Surgery – Instruments – Electrical application
Reexamination Certificate
1997-10-02
2001-07-31
Dvorak, Linda C. M. (Department: 3739)
Surgery
Instruments
Electrical application
C607S101000, C607S122000
Reexamination Certificate
active
06267757
ABSTRACT:
BACKGROUND OF THE INVENTION
This invention is directed to the ablation of tissue in the wall of a patient's heart and particularly to form channels within the heart wall in order to perform transmyocardial revascularization (TMR), to deliver therapeutic or diagnostic agents to various locations in the patient's heart wall or for a variety of other utilities.
As presently used, TMR involves forming a plurality of channels in a ventricular wall of a patient's heart by means of laser energy. The first clinical trials of the TMR procedure using laser energy were performed by Mirhoseini et al. See for example the discussions in Lasers in General Surgery (Williams & Wilkins; 1989), pp 18 216-223. Other early disclosures of the TMR procedure are found in an article by Okada et al. in Kobe J. Med. Sci 32, 151-161, October 1986 and in U.S. Pat. No. 4,658,817 (Hardy). These early references describe intraoperative TMR procedures which require an opening in the chest wall and include formation of channels completely through the heart wall starting from the epicardium.

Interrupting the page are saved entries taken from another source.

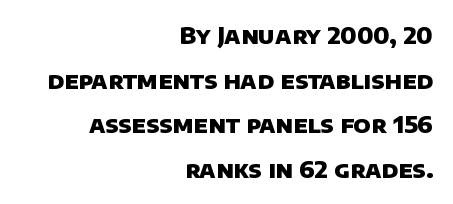
The image shows 23 px bold type; set right-aligned, loose line spacing (1.94x), normal letter spacing, not underlined.
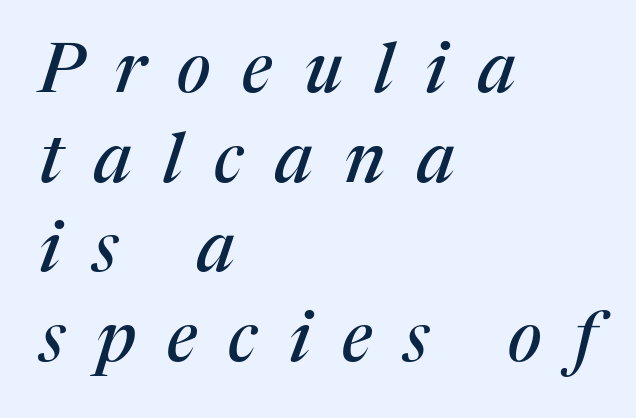
Here the glyphs are tracked loosely, breaking word shapes into spaced letters. Has an underline been added? It has not. Visually the block forms a straight wall on the left and a jagged coastline on the right. Slant detected: the letters are inclined.
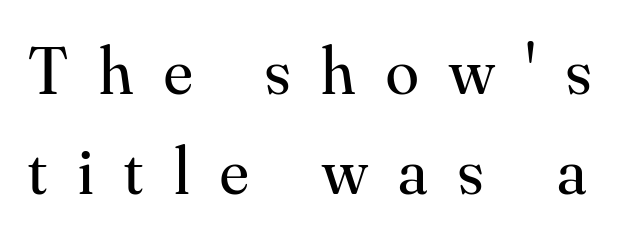
Looks like regular typesetting: each glyph gets only the width it needs. There is plenty of visible air inserted between adjacent glyphs. The lines sit at an ordinary, default distance from one another. Bare-footed words on every line.
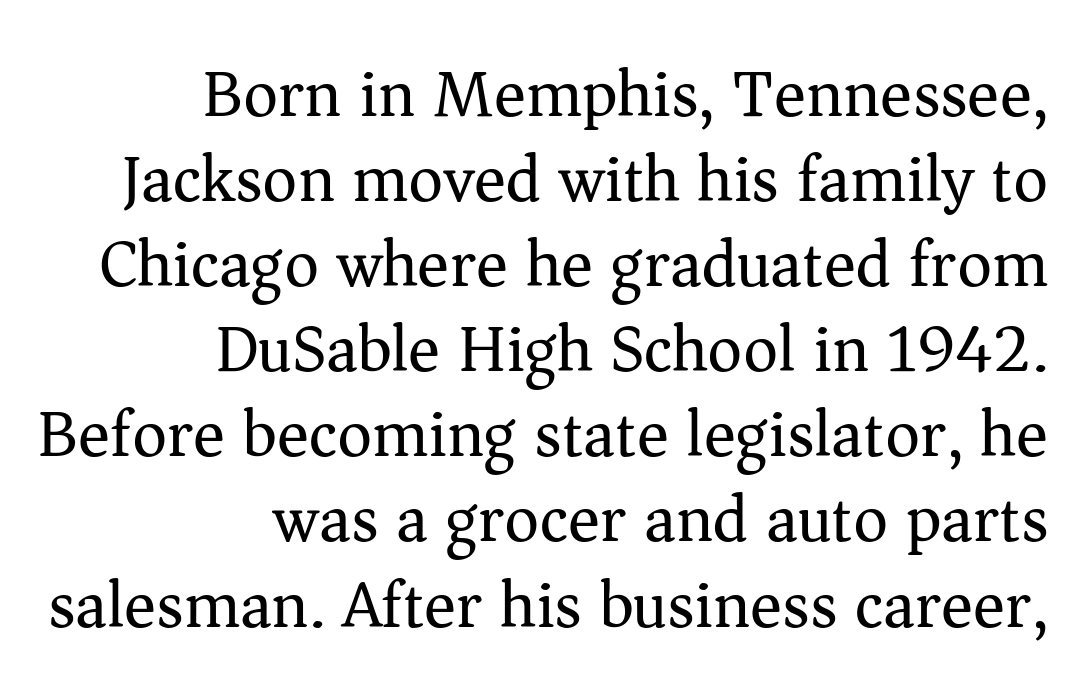
{"serif": "yes", "italic": "no", "bold": "no", "weight": "regular", "width": "normal", "stroke_contrast": "medium", "x_height": "medium", "monospaced": "no", "underline": "no", "align": "right", "line_spacing": "normal", "line_spacing_ratio": 1.27, "letter_spacing": "normal", "letter_spacing_em": 0.0, "glyph_px": 67}
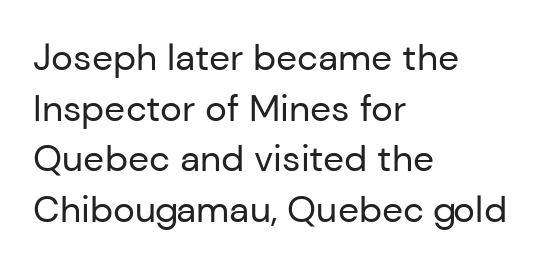
Here the designer chose a conventional face with non-uniform glyph widths. No feet cap the strokes, marking this as sans-serif type. These lines keep a tight, regular rhythm from letter to letter. The area under the type is left untouched. Layout note: lines flush left. The lettering stays uniformly vertical, giving the passage a roman look.
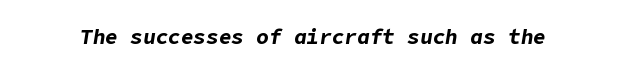
Q: Is the text bold? A: Yes.
Q: Is the text italic (slanted)? A: Yes, it leans right by about 9 degrees.
Q: Is the text underlined? A: No.
Q: Is the spacing between letters normal or unusually wide? A: Normal.
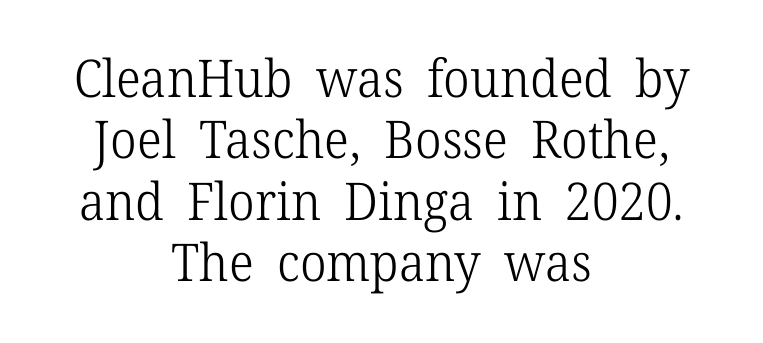
The image shows 52 px light serif type, upright; set centered, line spacing 1.18x, normal letter spacing, not underlined; low stroke contrast and a medium x-height.
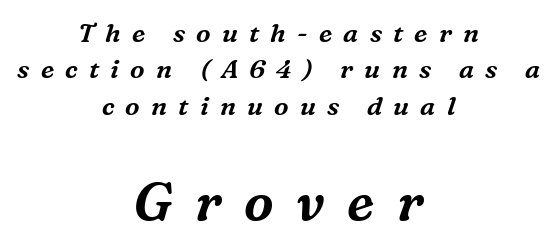
Q: Is the text italic (slanted)? A: Yes, it leans right by about 16 degrees.
Q: Is the typeface a serif or a sans-serif typeface? A: Serif.
Q: Is the text underlined? A: No.
Q: How is the paragraph aligned? A: Centered.
Q: Is the spacing between letters normal or unusually wide? A: Unusually wide.
Q: Is the spacing between lines tight, normal or loose? A: Normal.
Q: Which block of text is set in a larger size, the first (top) or the second (bottom)? A: The second (bottom) one.
Q: Width (condensed, normal, or wide)? A: Normal.
Q: Stroke contrast? A: Medium.
Q: x-height? A: Medium.
Q: Monospaced? A: No.
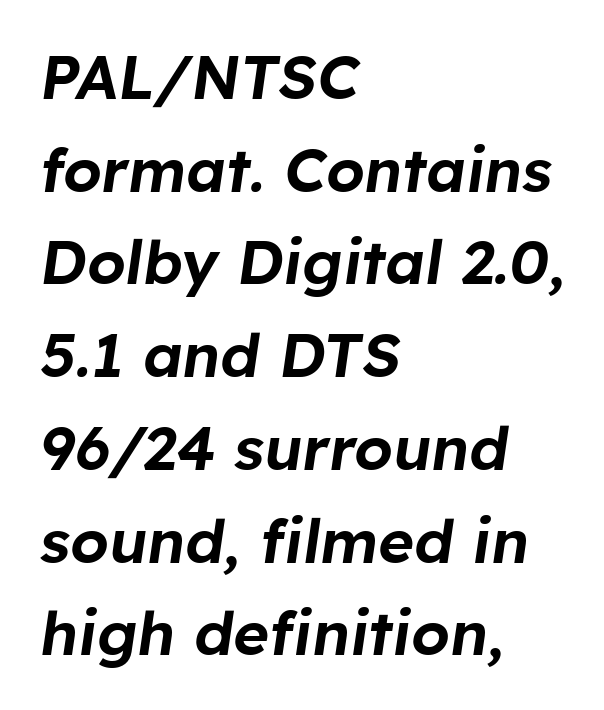
Q: Is the text italic (slanted)? A: Yes, it leans right by about 8 degrees.
Q: Is the text underlined? A: No.
Q: How is the paragraph aligned? A: Left-aligned.
Q: Is the spacing between letters normal or unusually wide? A: Normal.
Q: Is the spacing between lines tight, normal or loose? A: Normal.
Q: Width (condensed, normal, or wide)? A: Normal.
Q: Stroke contrast? A: Low.
Q: x-height? A: Medium.
Q: Monospaced? A: No.
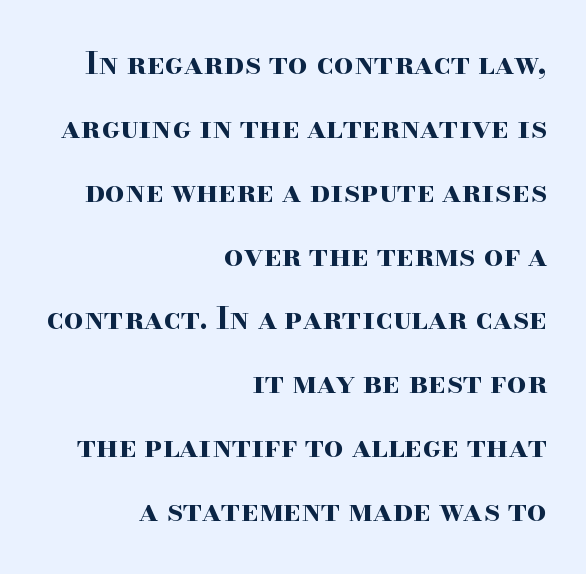
{"serif": "yes", "italic": "no", "bold": "yes", "weight": "bold", "width": "wide", "stroke_contrast": "high", "x_height": "small", "monospaced": "no", "underline": "no", "align": "right", "line_spacing": "loose", "line_spacing_ratio": 2.06, "letter_spacing": "normal", "letter_spacing_em": 0.0, "glyph_px": 31}
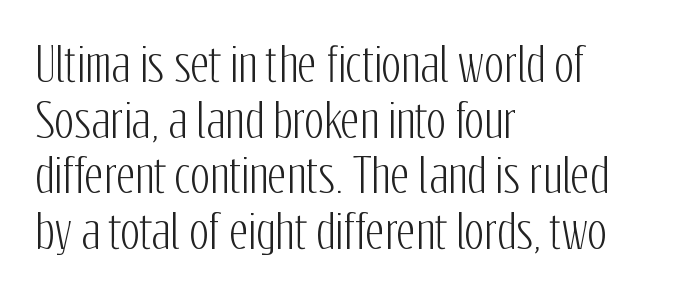
The image shows 46 px condensed sans-serif type, upright; set left-aligned, line spacing 1.21x, normal letter spacing, not underlined; low stroke contrast and a medium x-height.
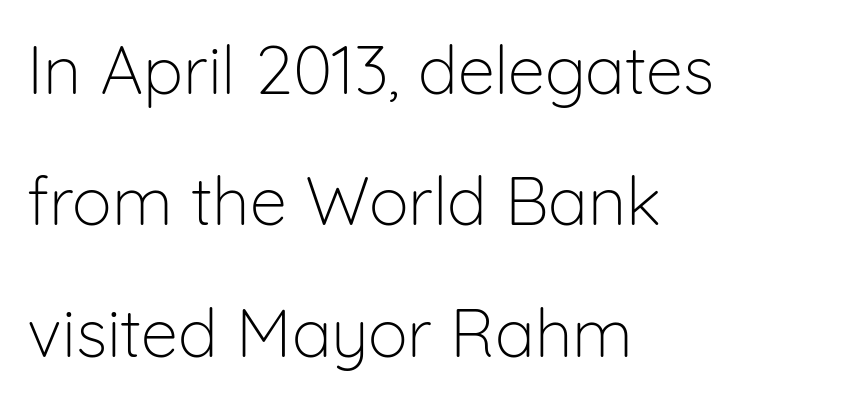
{"serif": "no", "italic": "no", "bold": "no", "weight": "light", "width": "normal", "stroke_contrast": "low", "x_height": "medium", "monospaced": "no", "underline": "no", "align": "left", "line_spacing": "loose", "line_spacing_ratio": 1.96, "letter_spacing": "normal", "letter_spacing_em": 0.0, "glyph_px": 67}
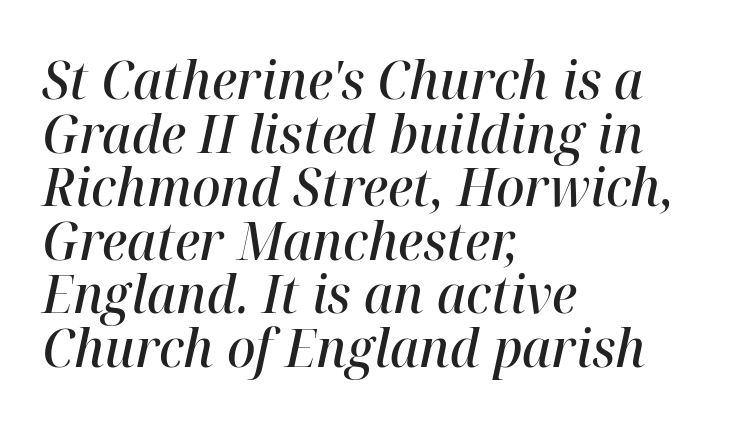
The image shows 53 px semibold type, italic (leaning right); set left-aligned, tight line spacing (1.01x), normal letter spacing, not underlined; high stroke contrast and a medium x-height.

U.S. Pat. No. 5,554,152 which issued on Dec. 20, 1994 (Aita et al.), which is incorporated herein in its entirety, describes a system for TMR which is introduced through the chest wall either as an intraoperative procedure where the chest is opened up or as a minimally invasive procedure where the system is introduced into the patient's chest cavity through small openings in the chest by means of a thoroscope. In U.S. Pat. No. 5,389,096 (Aita et al.) a percutaneous TMR procedure is described wherein an elongated flexible laser based optical fiber device is introduced through the patient's peripheral arterial system, e.g. the femoral artery, and advanced through the aorta until the distal end of the device extends into the patient's left ventricle. Within the left ventricle, the distal end of the optical fiber device is directed toward a desired location on the patient's endocardium and urged against the endocardial surface while a laser beam is emitted from its distal end to form the channel.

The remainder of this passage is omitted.